-- Records supplied follows --

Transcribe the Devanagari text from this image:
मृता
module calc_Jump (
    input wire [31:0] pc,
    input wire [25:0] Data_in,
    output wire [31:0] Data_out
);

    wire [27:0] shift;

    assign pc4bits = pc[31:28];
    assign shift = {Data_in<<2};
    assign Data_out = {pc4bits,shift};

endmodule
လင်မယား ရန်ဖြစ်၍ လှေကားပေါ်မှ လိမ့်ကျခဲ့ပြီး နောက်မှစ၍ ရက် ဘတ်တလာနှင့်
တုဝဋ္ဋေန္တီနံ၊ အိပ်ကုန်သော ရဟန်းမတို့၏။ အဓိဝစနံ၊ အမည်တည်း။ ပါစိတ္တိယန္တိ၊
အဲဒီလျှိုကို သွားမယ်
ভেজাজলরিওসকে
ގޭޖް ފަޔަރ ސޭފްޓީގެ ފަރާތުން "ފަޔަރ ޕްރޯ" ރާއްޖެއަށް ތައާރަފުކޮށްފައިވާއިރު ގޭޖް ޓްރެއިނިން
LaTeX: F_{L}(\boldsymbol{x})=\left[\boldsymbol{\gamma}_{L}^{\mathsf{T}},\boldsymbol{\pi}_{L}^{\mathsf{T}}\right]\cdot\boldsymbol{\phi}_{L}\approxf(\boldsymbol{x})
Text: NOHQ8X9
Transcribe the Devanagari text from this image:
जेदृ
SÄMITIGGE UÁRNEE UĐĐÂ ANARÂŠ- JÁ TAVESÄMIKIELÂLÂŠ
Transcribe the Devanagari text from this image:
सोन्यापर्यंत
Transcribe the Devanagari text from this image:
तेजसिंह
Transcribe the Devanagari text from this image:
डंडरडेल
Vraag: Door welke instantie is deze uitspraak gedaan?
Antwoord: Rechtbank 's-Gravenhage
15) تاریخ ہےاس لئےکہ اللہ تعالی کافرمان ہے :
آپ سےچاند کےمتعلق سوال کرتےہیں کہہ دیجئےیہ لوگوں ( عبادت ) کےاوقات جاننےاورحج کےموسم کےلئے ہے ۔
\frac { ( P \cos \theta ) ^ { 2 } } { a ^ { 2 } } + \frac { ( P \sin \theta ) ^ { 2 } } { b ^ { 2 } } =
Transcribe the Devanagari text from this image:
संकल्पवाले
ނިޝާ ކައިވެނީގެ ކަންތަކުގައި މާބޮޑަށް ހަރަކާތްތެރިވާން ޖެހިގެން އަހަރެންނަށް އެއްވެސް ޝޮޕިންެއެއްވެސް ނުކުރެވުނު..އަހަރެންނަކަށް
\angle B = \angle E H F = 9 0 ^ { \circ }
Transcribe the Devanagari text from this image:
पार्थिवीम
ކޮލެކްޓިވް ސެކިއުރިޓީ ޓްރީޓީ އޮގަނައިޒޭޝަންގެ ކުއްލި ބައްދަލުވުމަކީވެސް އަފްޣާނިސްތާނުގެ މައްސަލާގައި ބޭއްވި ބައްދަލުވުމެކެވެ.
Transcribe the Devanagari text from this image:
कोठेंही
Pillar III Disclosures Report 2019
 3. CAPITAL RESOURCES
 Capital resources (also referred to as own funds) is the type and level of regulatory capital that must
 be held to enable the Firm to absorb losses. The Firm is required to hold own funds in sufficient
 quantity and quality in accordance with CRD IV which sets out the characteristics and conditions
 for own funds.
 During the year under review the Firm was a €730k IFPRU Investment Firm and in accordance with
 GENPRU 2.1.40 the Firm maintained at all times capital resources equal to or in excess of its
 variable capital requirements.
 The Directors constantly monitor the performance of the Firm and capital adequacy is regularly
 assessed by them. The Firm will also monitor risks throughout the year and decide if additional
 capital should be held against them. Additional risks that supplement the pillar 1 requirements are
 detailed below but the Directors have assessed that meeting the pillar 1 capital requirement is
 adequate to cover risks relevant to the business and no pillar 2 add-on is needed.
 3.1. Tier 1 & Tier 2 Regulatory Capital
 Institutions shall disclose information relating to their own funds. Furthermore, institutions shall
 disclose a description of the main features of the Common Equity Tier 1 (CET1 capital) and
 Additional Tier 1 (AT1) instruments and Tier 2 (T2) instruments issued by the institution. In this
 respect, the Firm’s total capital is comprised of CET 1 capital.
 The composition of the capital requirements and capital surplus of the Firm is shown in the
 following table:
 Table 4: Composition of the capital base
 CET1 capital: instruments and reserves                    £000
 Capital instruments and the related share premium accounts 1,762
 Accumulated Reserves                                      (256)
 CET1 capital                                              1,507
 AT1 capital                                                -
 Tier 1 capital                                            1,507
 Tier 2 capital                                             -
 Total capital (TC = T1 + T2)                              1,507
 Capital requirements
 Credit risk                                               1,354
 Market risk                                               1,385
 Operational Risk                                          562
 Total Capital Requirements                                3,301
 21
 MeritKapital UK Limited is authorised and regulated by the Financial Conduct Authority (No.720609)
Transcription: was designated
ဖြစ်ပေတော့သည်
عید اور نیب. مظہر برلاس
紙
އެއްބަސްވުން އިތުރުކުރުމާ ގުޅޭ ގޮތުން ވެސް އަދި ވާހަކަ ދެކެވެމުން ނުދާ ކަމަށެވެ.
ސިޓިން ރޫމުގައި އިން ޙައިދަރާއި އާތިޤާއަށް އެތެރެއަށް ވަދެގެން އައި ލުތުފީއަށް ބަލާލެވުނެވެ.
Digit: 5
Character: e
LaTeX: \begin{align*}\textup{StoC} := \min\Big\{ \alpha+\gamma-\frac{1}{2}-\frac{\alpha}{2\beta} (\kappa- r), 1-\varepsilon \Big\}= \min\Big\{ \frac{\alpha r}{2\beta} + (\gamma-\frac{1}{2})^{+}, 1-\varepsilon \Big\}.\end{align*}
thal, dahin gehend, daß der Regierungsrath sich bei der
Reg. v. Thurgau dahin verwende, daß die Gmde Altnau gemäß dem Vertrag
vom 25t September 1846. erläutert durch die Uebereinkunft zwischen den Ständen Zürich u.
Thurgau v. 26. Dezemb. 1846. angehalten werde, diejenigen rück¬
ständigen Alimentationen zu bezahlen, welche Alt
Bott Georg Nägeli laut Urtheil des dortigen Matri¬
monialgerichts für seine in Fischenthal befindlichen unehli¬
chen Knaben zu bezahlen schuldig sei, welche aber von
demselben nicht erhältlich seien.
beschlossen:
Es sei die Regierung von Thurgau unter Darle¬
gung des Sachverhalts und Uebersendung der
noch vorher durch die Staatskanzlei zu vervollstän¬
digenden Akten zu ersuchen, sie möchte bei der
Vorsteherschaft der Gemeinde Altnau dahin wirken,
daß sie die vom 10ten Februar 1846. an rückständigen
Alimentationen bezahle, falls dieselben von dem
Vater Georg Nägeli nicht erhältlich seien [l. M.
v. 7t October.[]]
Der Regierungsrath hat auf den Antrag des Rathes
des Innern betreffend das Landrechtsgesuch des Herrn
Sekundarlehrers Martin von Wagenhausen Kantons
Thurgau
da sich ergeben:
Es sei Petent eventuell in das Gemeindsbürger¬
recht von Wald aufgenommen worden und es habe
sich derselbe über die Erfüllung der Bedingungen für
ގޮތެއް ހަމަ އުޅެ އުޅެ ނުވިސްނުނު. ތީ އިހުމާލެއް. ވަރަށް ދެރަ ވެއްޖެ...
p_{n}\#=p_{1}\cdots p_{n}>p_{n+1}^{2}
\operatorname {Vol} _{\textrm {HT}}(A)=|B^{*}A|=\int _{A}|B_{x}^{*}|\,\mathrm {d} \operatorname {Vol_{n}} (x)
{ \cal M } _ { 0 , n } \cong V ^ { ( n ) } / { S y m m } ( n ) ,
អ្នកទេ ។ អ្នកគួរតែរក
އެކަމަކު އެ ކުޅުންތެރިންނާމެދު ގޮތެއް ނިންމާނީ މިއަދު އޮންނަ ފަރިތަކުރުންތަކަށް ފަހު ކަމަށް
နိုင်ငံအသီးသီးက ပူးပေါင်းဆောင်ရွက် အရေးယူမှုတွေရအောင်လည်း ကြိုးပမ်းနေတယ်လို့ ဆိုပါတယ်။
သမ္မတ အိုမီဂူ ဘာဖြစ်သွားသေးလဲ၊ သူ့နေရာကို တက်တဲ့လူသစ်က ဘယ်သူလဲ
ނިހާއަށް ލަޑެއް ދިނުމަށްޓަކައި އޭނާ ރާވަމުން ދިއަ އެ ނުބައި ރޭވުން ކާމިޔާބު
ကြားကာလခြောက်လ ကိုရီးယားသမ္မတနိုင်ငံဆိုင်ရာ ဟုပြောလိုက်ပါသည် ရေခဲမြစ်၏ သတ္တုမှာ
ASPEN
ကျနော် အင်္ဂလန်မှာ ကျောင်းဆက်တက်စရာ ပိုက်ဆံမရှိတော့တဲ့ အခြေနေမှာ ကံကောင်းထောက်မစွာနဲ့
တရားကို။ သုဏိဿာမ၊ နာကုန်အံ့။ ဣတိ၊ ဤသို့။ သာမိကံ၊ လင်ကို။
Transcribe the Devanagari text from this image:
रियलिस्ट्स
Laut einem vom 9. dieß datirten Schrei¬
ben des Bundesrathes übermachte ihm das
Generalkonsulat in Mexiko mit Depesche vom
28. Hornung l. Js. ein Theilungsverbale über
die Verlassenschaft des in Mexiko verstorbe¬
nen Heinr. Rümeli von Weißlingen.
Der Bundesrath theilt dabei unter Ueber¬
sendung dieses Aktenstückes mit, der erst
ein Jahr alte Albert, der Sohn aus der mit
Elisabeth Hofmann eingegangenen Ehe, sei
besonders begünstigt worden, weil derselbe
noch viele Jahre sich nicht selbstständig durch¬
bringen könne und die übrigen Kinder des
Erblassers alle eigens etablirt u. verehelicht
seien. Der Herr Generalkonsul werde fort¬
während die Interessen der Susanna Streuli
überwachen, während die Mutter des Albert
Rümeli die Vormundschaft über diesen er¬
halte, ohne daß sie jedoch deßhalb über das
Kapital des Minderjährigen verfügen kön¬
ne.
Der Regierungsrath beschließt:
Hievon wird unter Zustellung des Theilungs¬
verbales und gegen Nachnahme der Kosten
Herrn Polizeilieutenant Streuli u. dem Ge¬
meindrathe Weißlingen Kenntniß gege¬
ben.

-- Records supplied concluded --

[What needs to be done]: Please, from the entries above, set down exactly the lines from the one containing "digenden Akten zu" through the one containing "recht von Wald aufgenommen worden und es habe", and only those.

[The completed task]:
digenden Akten zu ersuchen, sie möchte bei der
Vorsteherschaft der Gemeinde Altnau dahin wirken,
daß sie die vom 10ten Februar 1846. an rückständigen
Alimentationen bezahle, falls dieselben von dem
Vater Georg Nägeli nicht erhältlich seien [l. M.
v. 7t October.[]]
Der Regierungsrath hat auf den Antrag des Rathes
des Innern betreffend das Landrechtsgesuch des Herrn
Sekundarlehrers Martin von Wagenhausen Kantons
Thurgau
da sich ergeben:
Es sei Petent eventuell in das Gemeindsbürger¬
recht von Wald aufgenommen worden und es habe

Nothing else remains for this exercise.